◆ TASK PROMPT:
As you print the data below, keep every line exactly as it is and leave the images behind.

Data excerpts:
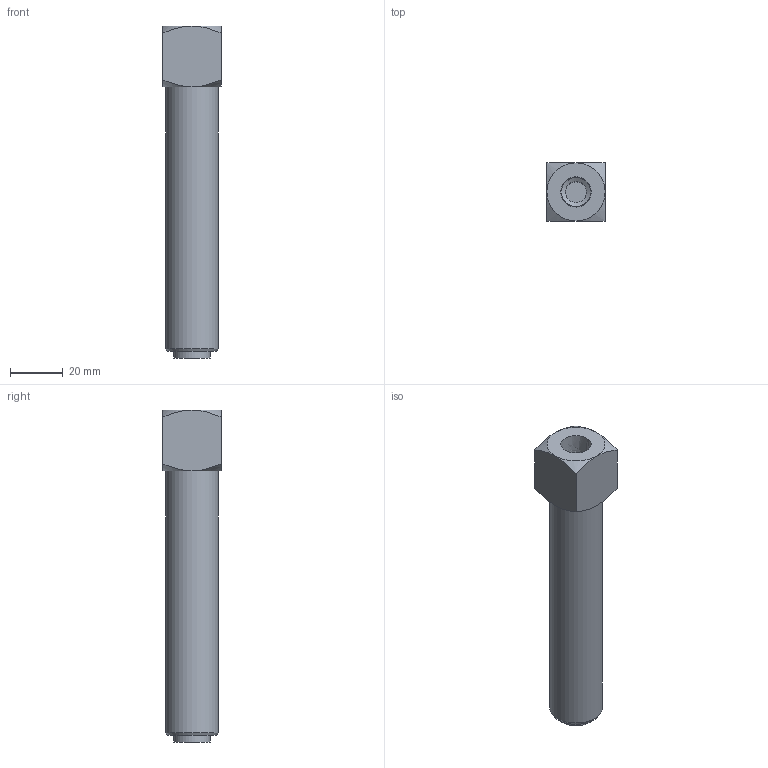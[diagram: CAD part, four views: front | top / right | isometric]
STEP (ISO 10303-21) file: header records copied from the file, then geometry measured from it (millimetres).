
FILE_DESCRIPTION((''),'2;1');
FILE_NAME('GR03.037.stp','2007-09-07T12:15:00',('RKob'),(''),'Autodesk Inventor 11','Autodesk Inventor 11','');
FILE_SCHEMA(('AUTOMOTIVE_DESIGN { 1 0 10303 214 1 1 1 1 }'));
Length unit declared in the file: millimetre
Products named in the file (3): GR03; 77
Assembly tree (2 placements, depth 2):
  GR03
    GR03
    77
Bounding box: 22 x 22 x 125.5 mm (x, y, z)
Volume: 35679.1 mm3; surface area: 13011.8 mm2
Topology: 2 solids, 2 shells, 36 faces, 76 edges, 47 vertices
Faces by surface type: plane 17, cone 10, bspline 6, cylinder 3
Full cylindrical faces by diameter (mm): 9.73 x1, 13.9 x1, 20 x1
Entity records: 1070 total; most frequent: CARTESIAN_POINT 333, DIRECTION 138, ORIENTED_EDGE 124, EDGE_CURVE 62, AXIS2_PLACEMENT_3D 58, EDGE_LOOP 54, VERTEX_POINT 44, FACE_OUTER_BOUND 36

◆ ANSWER:
[diagram: CAD part, four views: front | top / right | isometric]
STEP (ISO 10303-21) file: header records copied from the file, then geometry measured from it (millimetres).
FILE_DESCRIPTION((''),'2;1');
FILE_NAME('GR03.037.stp','2007-09-07T12:15:00',('RKob'),(''),'Autodesk Inventor 11','Autodesk Inventor 11','');
FILE_SCHEMA(('AUTOMOTIVE_DESIGN { 1 0 10303 214 1 1 1 1 }'));
Length unit declared in the file: millimetre
Products named in the file (3): GR03; 77
Assembly tree (2 placements, depth 2):
  GR03
    GR03
    77
Bounding box: 22 x 22 x 125.5 mm (x, y, z)
Volume: 35679.1 mm3; surface area: 13011.8 mm2
Topology: 2 solids, 2 shells, 36 faces, 76 edges, 47 vertices
Faces by surface type: plane 17, cone 10, bspline 6, cylinder 3
Full cylindrical faces by diameter (mm): 9.73 x1, 13.9 x1, 20 x1
Entity records: 1070 total; most frequent: CARTESIAN_POINT 333, DIRECTION 138, ORIENTED_EDGE 124, EDGE_CURVE 62, AXIS2_PLACEMENT_3D 58, EDGE_LOOP 54, VERTEX_POINT 44, FACE_OUTER_BOUND 36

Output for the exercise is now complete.